I think this is debatable. While most of the directly-held territories had been conquered under the Republic, Napoleon pursued a policy of subjugating potential foes and turning them into client states right the way through the imperial period. Napoleon never set out to conquer Austria, but he did conquer the Holy Roman Empire, dissolve it and reorganise most of it into French protectorates. It's hard to distinguish between the "hot war" with Britain - and Britain was remarkably persistent in assembling coalitions to fight Napoleon - and the trade war which was in many ways something else entirely but which was also both a function of and a cause of the open hostilities that frequently erupted. The invasion of Portugal, which led to the the conquest of Spain and reopened open hostilities with Britain, was essentially a French military response to the ongoing trade dispute: Portugal had until that point been neutral.

It's also the case I think that Britain's persistence in agitating against Napoleon, which led to many of the outbreaks of open warfare, was at least in part driven by concern over his expansionist tendencies (especially since Britain had friends and royal possessions on the continent which France had already conquered or threatened). France had expanded its borders before 1799 but the biggest expansion drives were under Napoleon himself, initially at the head of the Republic. Napoleon may have been partly driven by a desire to protect his existing territories but his preferred method of doing so was to invade his neighbours (or neighbours of his neighbours), overthrow the existing order and install a client ruler (preferably a member of his own family), and he would do this with relatively little provocation (refusal to accede to his protectionist trade system; harbouring of refugees). It was empire-building which paid little regard for established international norms and on a massive scale, in a way not really seen in western Europe for a thousand years.

Closet_Skeleton
2016-09-29, 09:42 AM
I think this is debatable.

Well duh.


It's also the case I think that Britain's persistence in agitating against Napoleon, which led to many of the outbreaks of open warfare, was at least in part driven by concern over his expansionist tendencies (especially since Britain had friends and royal possessions on the continent which France had already conquered or threatened).

I was kind of deliberately exaggerating a counter opinion since everyone was so deeply going with the biased pro-British perspective.

Britain was concerned with French expansionism because it was also expansionist and had interest in the same areas (North America, India, flanders). They may have at times been trying to return to a status quo but they always took more when there was an opportunity.

Napoleon didn't break any more norms than the partition of Poland did. 'Britain was responding to Napoleon' would be a really strong argument if Britain hadn't been behaving that way towards France for 80 years already.

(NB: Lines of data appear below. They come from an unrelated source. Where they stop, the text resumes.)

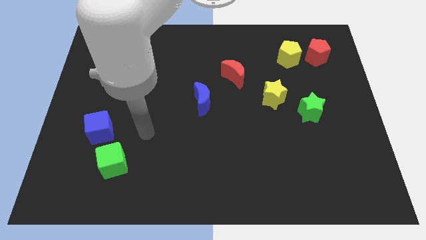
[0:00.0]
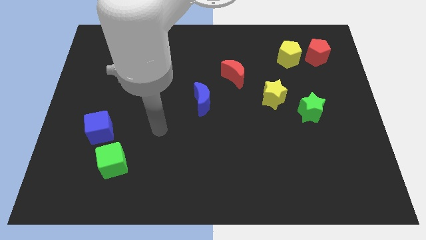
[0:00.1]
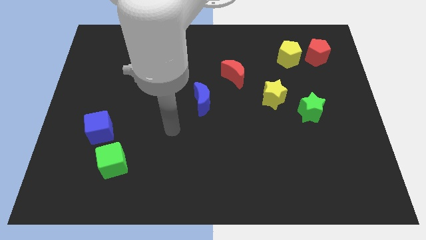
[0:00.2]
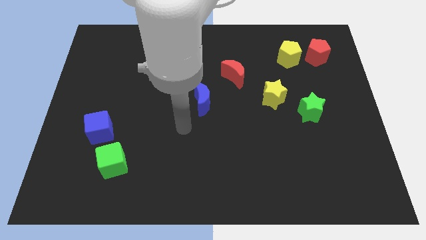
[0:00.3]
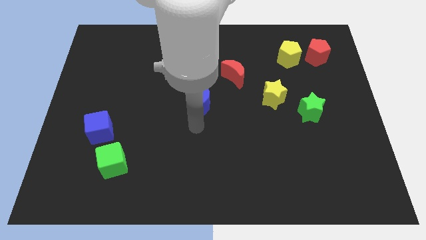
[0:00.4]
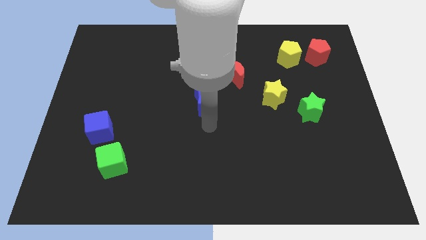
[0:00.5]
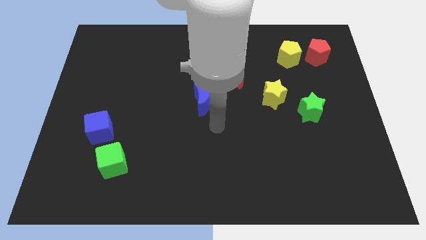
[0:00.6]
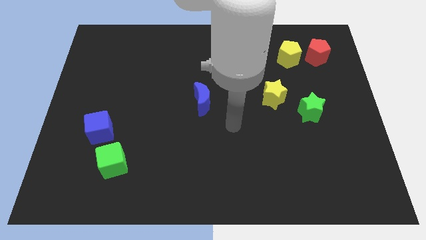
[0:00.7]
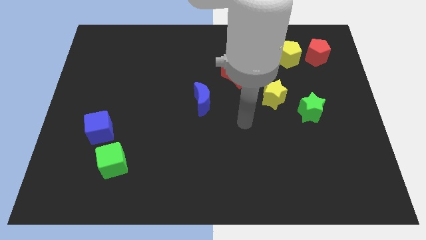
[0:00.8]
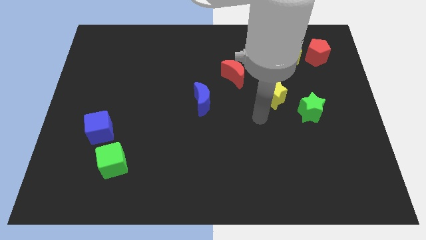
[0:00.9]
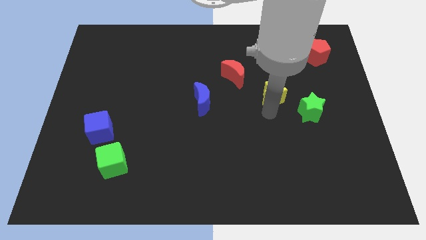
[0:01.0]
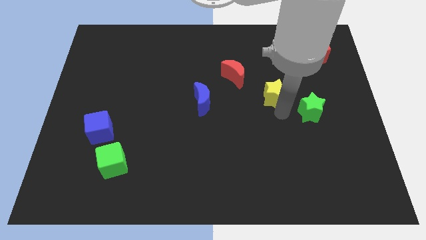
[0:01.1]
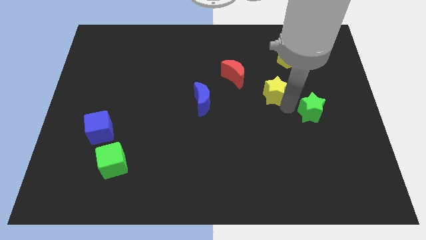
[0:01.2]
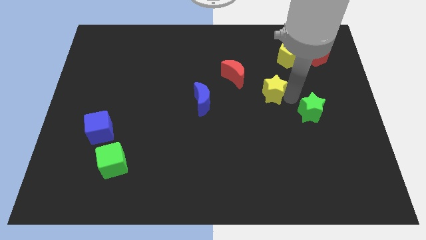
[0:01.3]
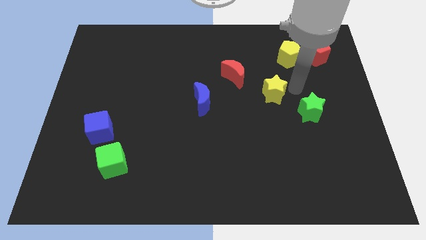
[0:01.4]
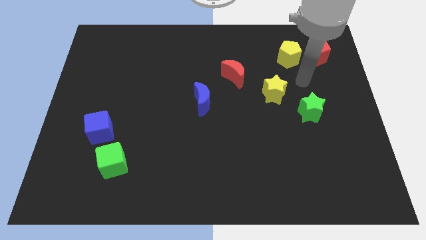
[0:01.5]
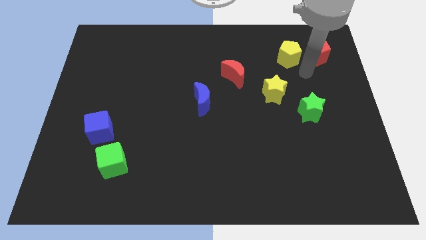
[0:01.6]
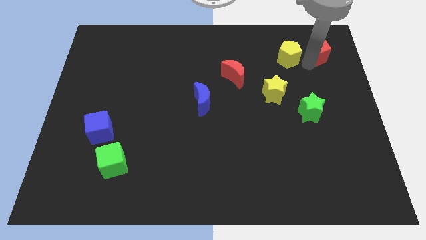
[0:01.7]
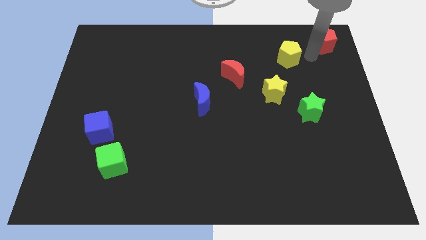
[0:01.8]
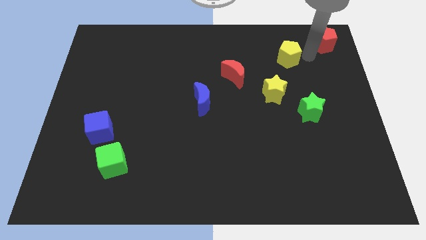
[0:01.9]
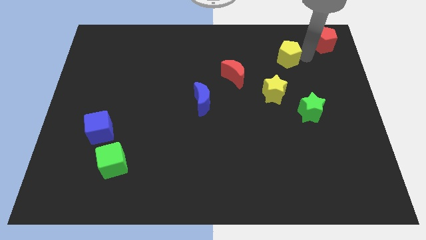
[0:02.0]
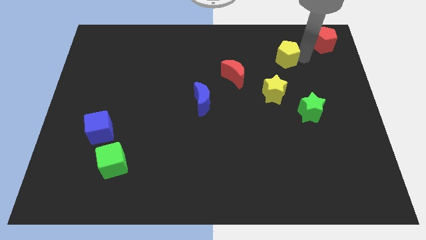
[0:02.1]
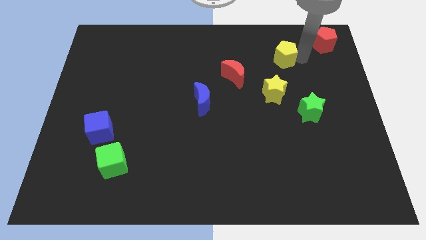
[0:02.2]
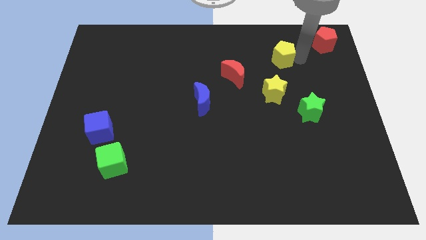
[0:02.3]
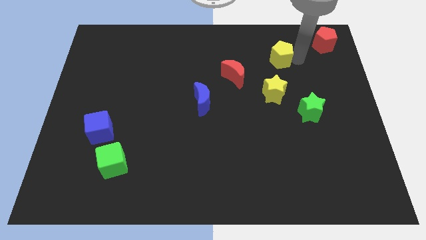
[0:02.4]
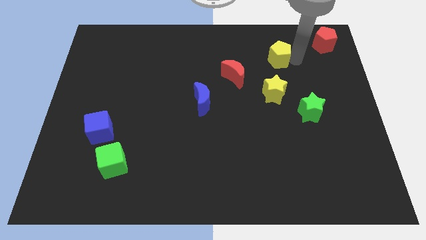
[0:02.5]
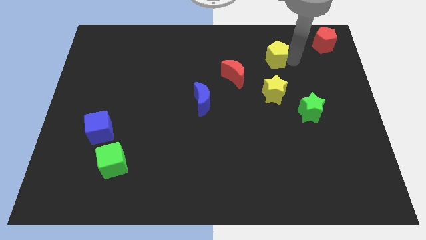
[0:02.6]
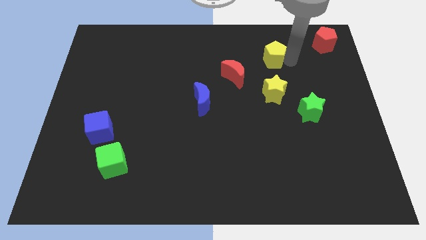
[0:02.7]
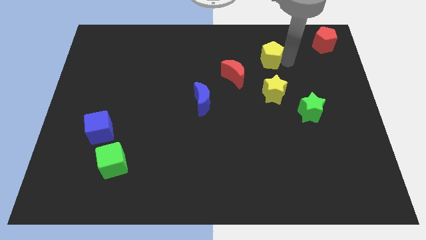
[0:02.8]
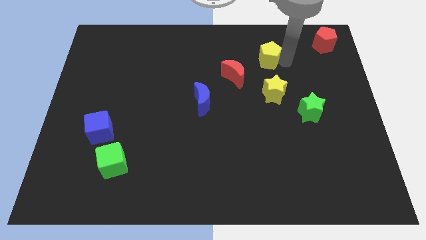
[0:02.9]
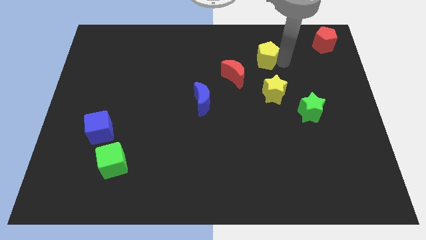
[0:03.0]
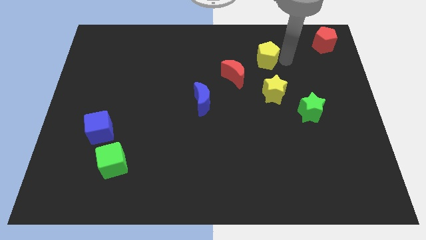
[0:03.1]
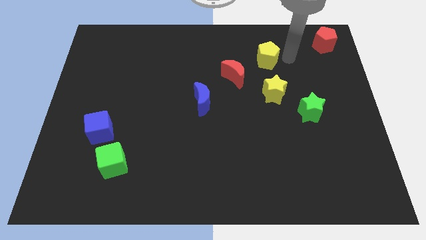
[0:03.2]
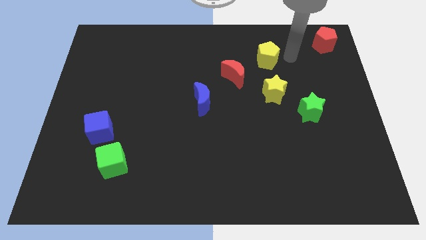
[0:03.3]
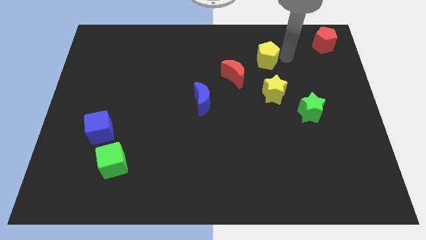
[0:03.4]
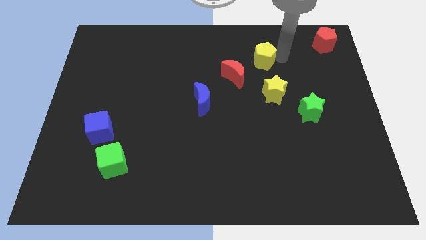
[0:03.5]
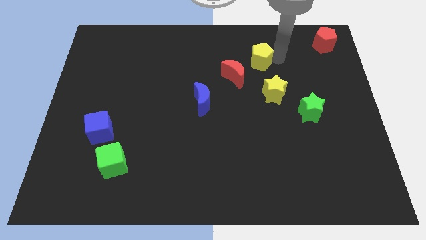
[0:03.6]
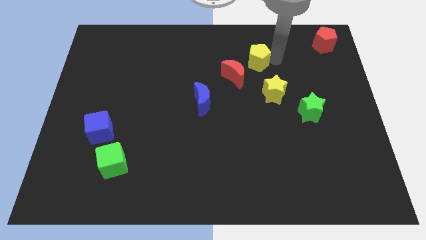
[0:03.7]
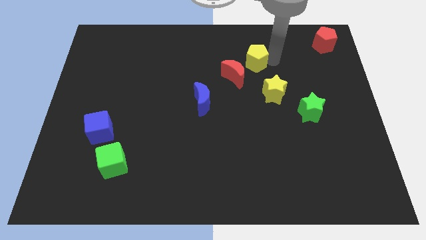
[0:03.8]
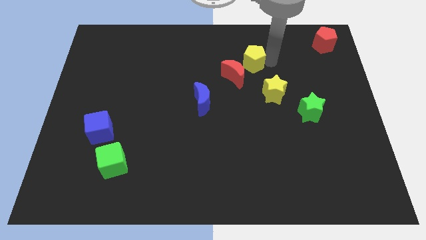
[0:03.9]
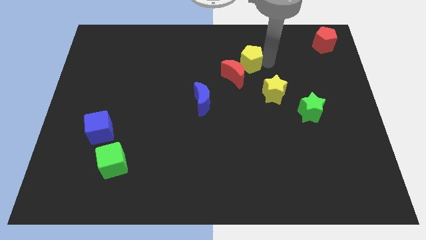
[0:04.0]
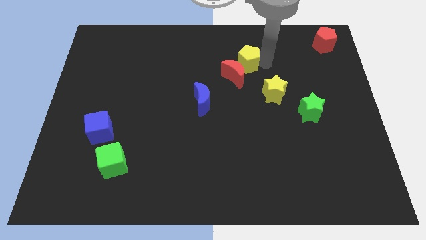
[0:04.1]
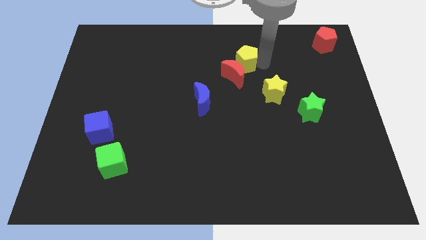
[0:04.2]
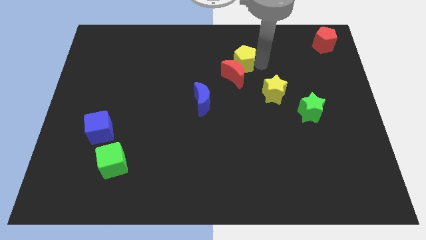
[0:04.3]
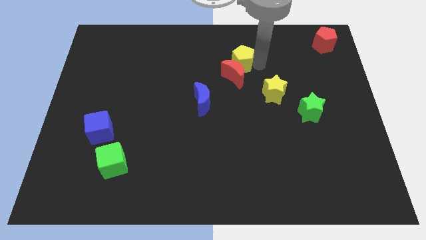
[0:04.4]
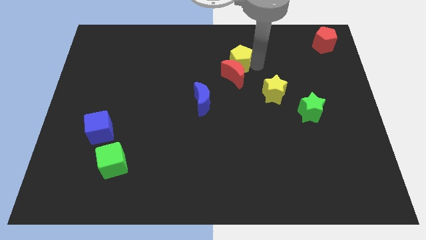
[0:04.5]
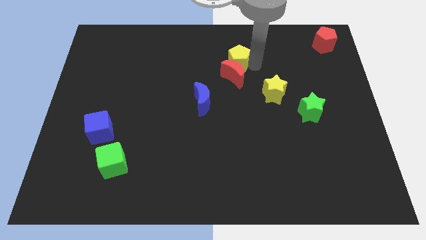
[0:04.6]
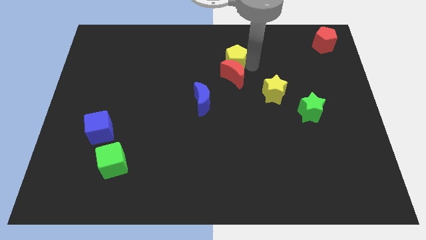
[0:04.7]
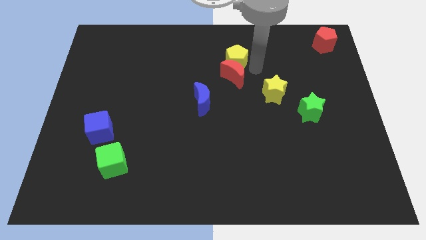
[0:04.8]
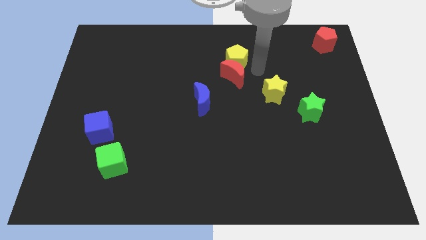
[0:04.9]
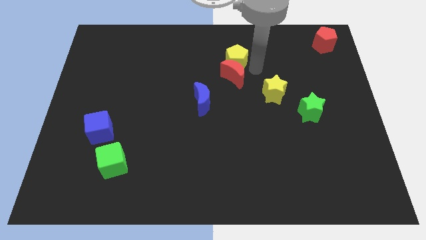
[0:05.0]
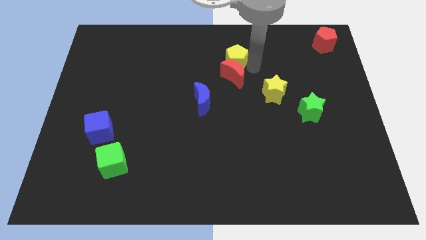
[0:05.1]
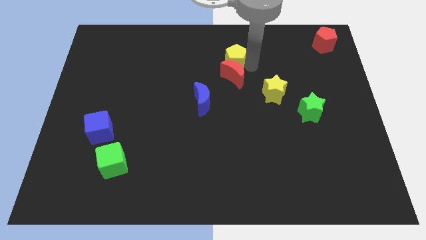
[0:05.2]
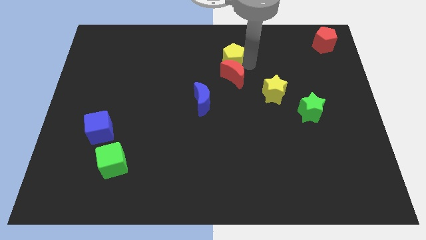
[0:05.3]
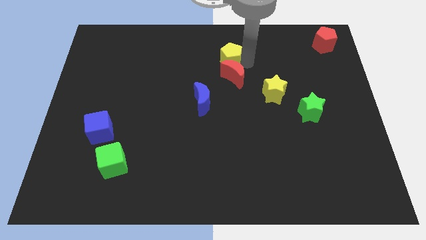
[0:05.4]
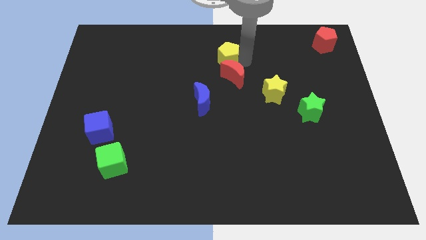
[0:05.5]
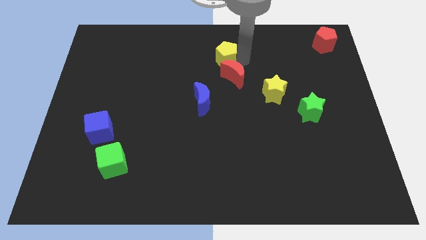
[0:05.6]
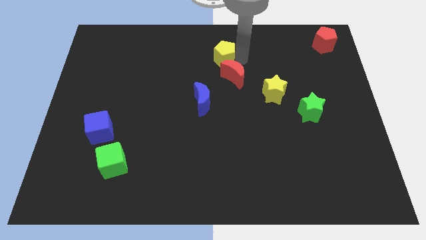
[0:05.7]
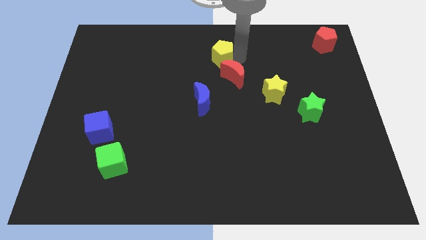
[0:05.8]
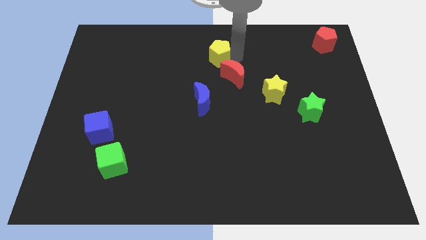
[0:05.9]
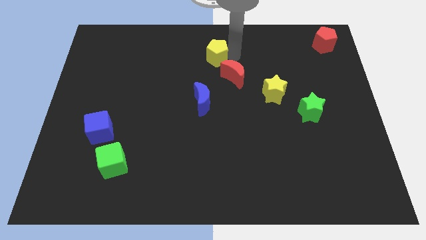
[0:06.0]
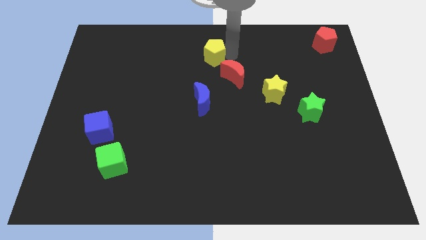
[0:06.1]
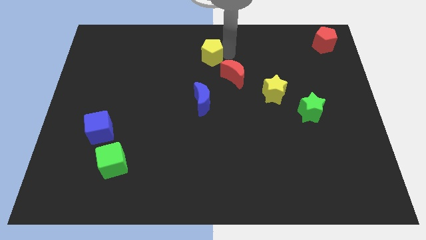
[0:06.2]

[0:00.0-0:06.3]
move the yellow pentagon left

The result of the Napoleonic Wars is a massively expanded British Empire in Africa, India, Malaya and the Mediterranean and constitutional rule in Europe being delayed 33 years. Its hard to say 'Britain defeated an expansionist tyrant' from that viewpoint.

kraftcheese
2016-09-29, 11:16 AM
Well duh.



I was kind of deliberately exaggerating a counter opinion since everyone was so deeply going with the biased pro-British perspective.

Britain was concerned with French expansionism because it was also expansionist and had interest in the same areas (North America, India, flanders). They may have at times been trying to return to a status quo but they always took more when there was an opportunity.

Napoleon didn't break any more norms than the partition of Poland did. 'Britain was responding to Napoleon' would be a really strong argument if Britain hadn't been behaving that way towards France for 80 years already.

The result of the Napoleonic Wars is a massively expanded British Empire in Africa, India, Malaya and the Mediterranean and constitutional rule in Europe being delayed 33 years. Its hard to say 'Britain defeated an expansionist tyrant' from that viewpoint.

Well, I guess Britain DID defeat an expansionist empire...it's just that Britain was ALSO an expansionist empire.